Keep the volleys straight and try not to let them stray off the side wall. Advanced players can make it all the way to volleying from the back wall; if you manage that, you can ladder your way forward again by stepping up after each set of volleys. This drill improves your racquet control, hand-eye coordination, and shoulder endurance, and it is good cardio as you move and react.
To get the most out of it, enforce some discipline: every volley should be shoulder-high and parallel to the side wall. If you start spraying the ball, reset and focus. Intermediate players should include this drill, while newer players might start with a simpler version. If you are a beginner and find this too hard, try standing about one step in from a side wall and see how many gentle volleys you can tap up against that side wall without letting it drop. That simpler exercise builds the same tracking skills in a more controlled way, and over time you will graduate to the full stepping volley drill.

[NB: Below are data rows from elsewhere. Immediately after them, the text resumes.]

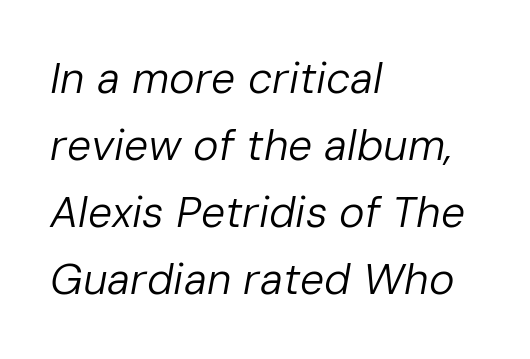
Q: Is the text bold? A: No.
Q: Is the text italic (slanted)? A: Yes, it leans right by about 10 degrees.
Q: Is the text underlined? A: No.
Q: How is the paragraph aligned? A: Left-aligned.
Q: Is the spacing between letters normal or unusually wide? A: Normal.
Q: Is the spacing between lines tight, normal or loose? A: Normal.
Q: Width (condensed, normal, or wide)? A: Normal.
Q: Stroke contrast? A: Low.
Q: x-height? A: Medium.
Q: Monospaced? A: No.
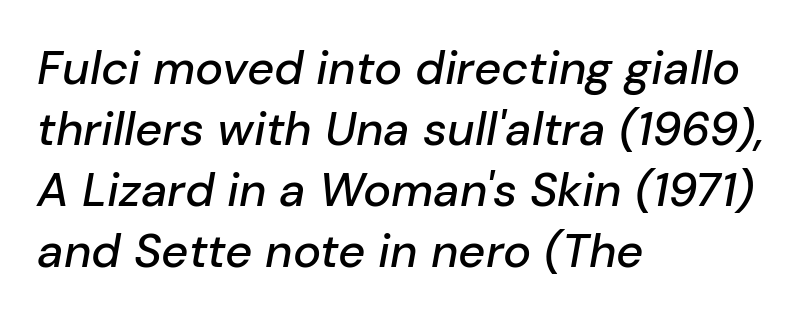
{"italic": "yes", "lean": "right", "slant_degrees": 10, "width": "normal", "stroke_contrast": "low", "x_height": "medium", "monospaced": "no", "underline": "no", "align": "left", "line_spacing": "normal", "line_spacing_ratio": 1.3, "letter_spacing": "normal", "letter_spacing_em": 0.0, "glyph_px": 47}

One foot in the box volley challenge
Here is another volley exercise that also forces a good positioning habit. Stand with one foot inside the service box, keeping one foot touching inside that box area on the floor, and try to volley straight to yourself as long as possible. The catch is you cannot move that foot. It anchors you, so you will need to reach and adjust your torso for wide balls. See how many volleys you can get in a row before you lose control.
Keeping one foot in the box simulates having to volley while maintaining position near the T, and it trains you to lean and use your wrist and reach. If it is too easy, challenge yourself by hitting some volleys higher or lower to vary the difficulty, or by increasing the speed of your volleys to test your reactions. This drill is good for building stability and improving your volley accuracy under a constraint.
As always, do it on both forehand and backhand sides. If you do the volley ladder drill above and this one foot drill, you are not only improving control but also getting a shoulder workout, which helps you volley better when you go back to match play.
Solo drop shot practice
The drop shot demands touch and accuracy, and solo practice is good for dialing it in. A simple way to practice drops alone is with a feed-and-drop routine. Start at the T (center). Gently feed or toss the ball up to hit it so that it bounces off the front wall and lands somewhere around the service line or just in front of you. Then move quickly forward, as if approaching a short ball, and hit a drop shot aiming for one of the front corners.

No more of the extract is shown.